Hint: To check cache sizes on the
machine, run: lscpu
2) Answer the following questions, using a few sentences for each
one.
- What is Moore's Law? What is Amdahl's Law? Which of these is
an empirical observation and which of these is a mathematical
fact?
- In the earliest ISA's, memory could only be accessed using
the absolute addressing mode. What problems arise in
implementing loops with such an ISA? How we get around these
problems in today's ISA's?
- What are data and control dependences? Give simple
examples to illustrate these concepts.
- Explain out-of-order execution and in-order
retirement/commit. Why do high-performance processors
execute instructions out of order but retire them in order?
What hardware structure(s) are used to implement in-order
retirement?
- Consider the invariants for retirement in OOO execution with
renaming shown in the lecture slides. Why do we need to check
the condition "(R3.PR# = ROB[n].PR#") before updating
R3.v ? Explain what would go wrong if we did not check this
condition before updating R3.v.
- What is the typical branch prediction accuracy in modern
processors? In lecture, we said "A correctly predicted branch
is essentially a NO-OP as far as performance is concerned."
Explain this statement in a few sentences.
Deliverables
Submit (in canvas) the following two files:
- A .tar.gz file with your code, a README.txt and a
Makefile.
- The README.txt describes how to run your program and what
the output will be.
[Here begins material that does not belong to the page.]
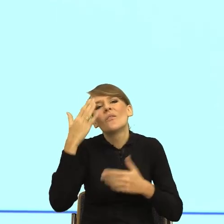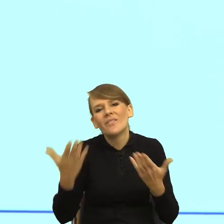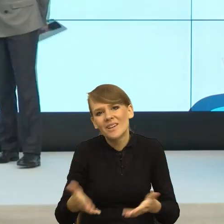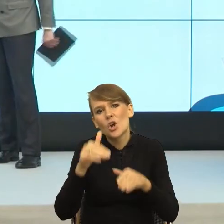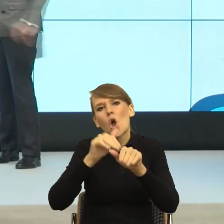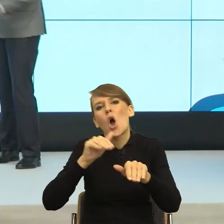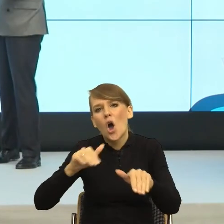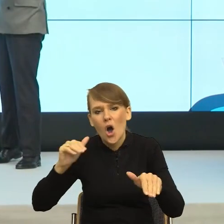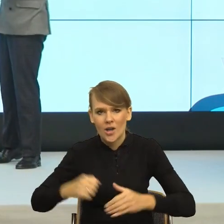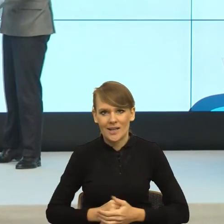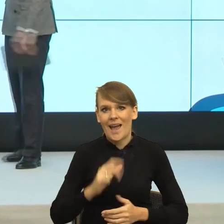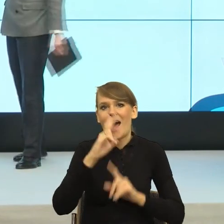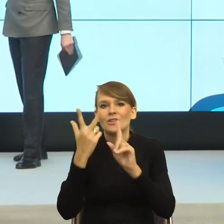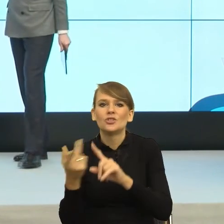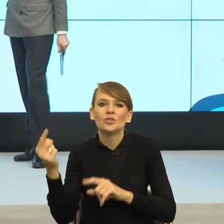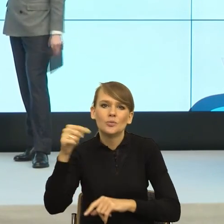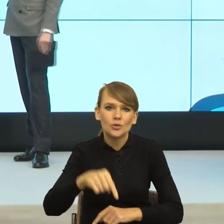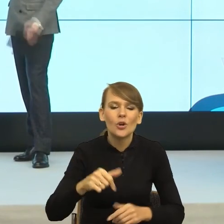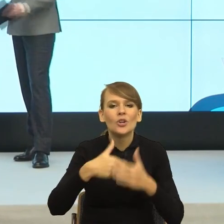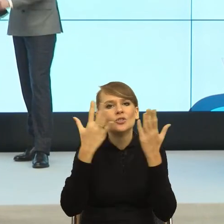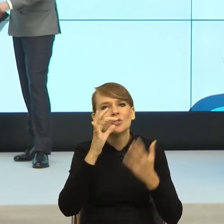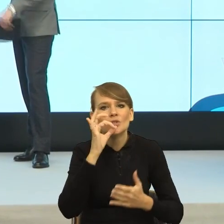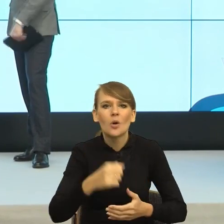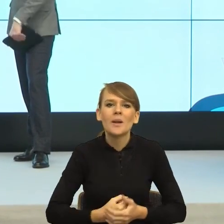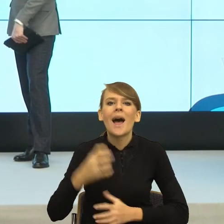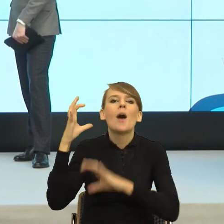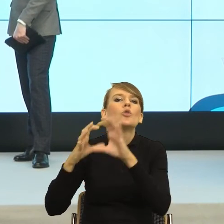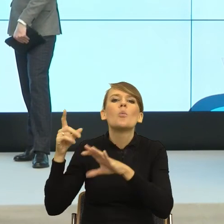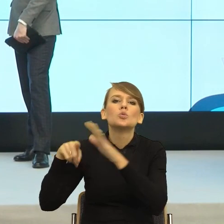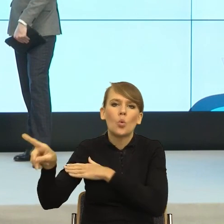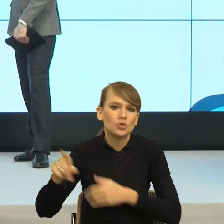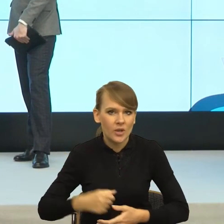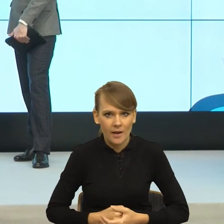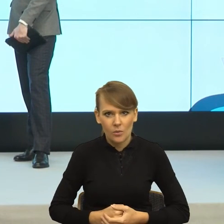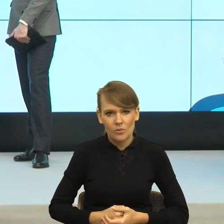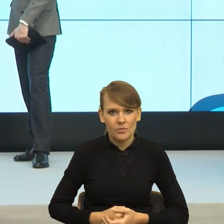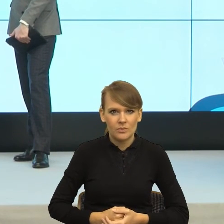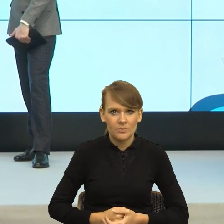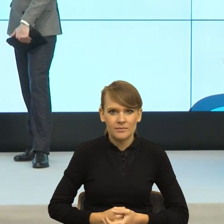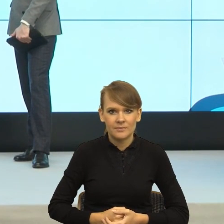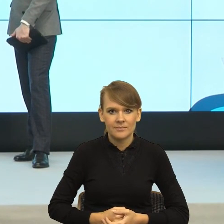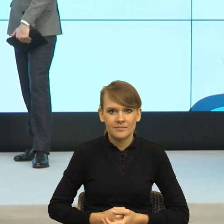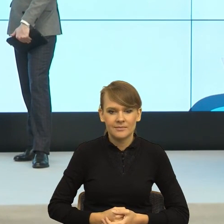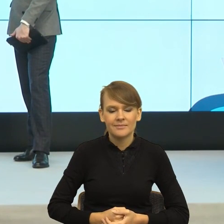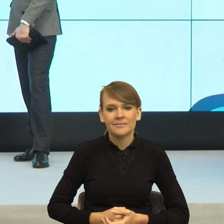A trzeci mówi dzień dobry, autobus mi uciekł. Rozumiem, że dzisiaj była mowa raczej o języku pisanym,
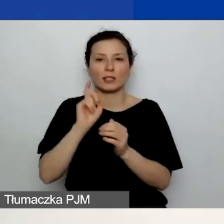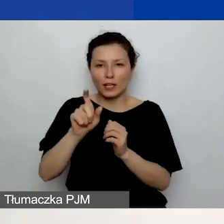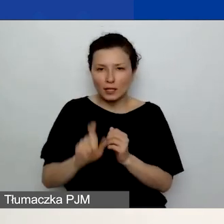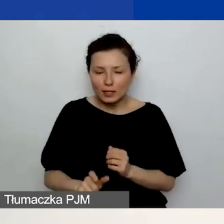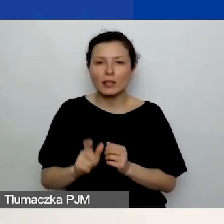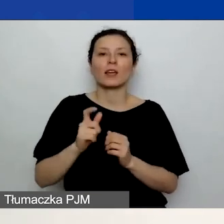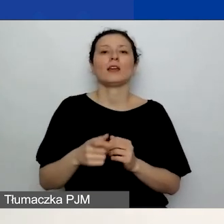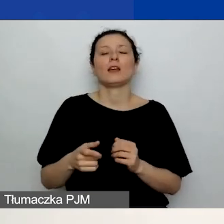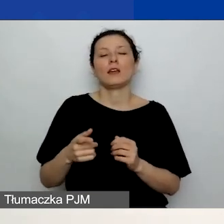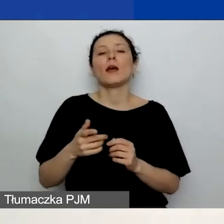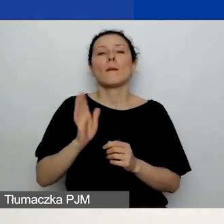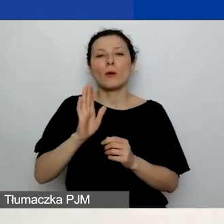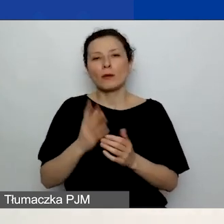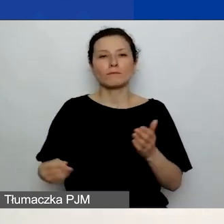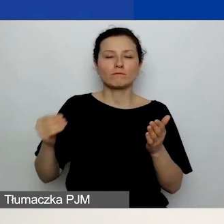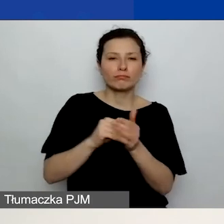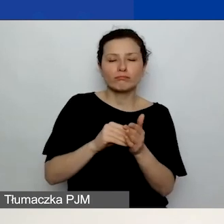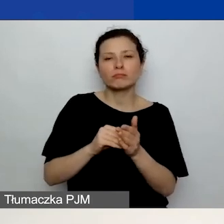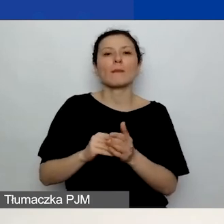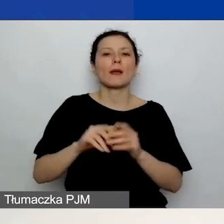i będziecie mogli wypełniać dane dotyczące partnerów.

A reasonable output will be pairs of
"name of measured event, value".
- With the Makefile, your code should be compiled on the 5
CS machines by running only "make".
- A report (in .pdf) containing the tables, and the answers to
the questions in both parts.
Grading
Code: 40 points
Measurements (plots): 30 points
Explanation: 10 points
Answers to short questions in (2): 20 points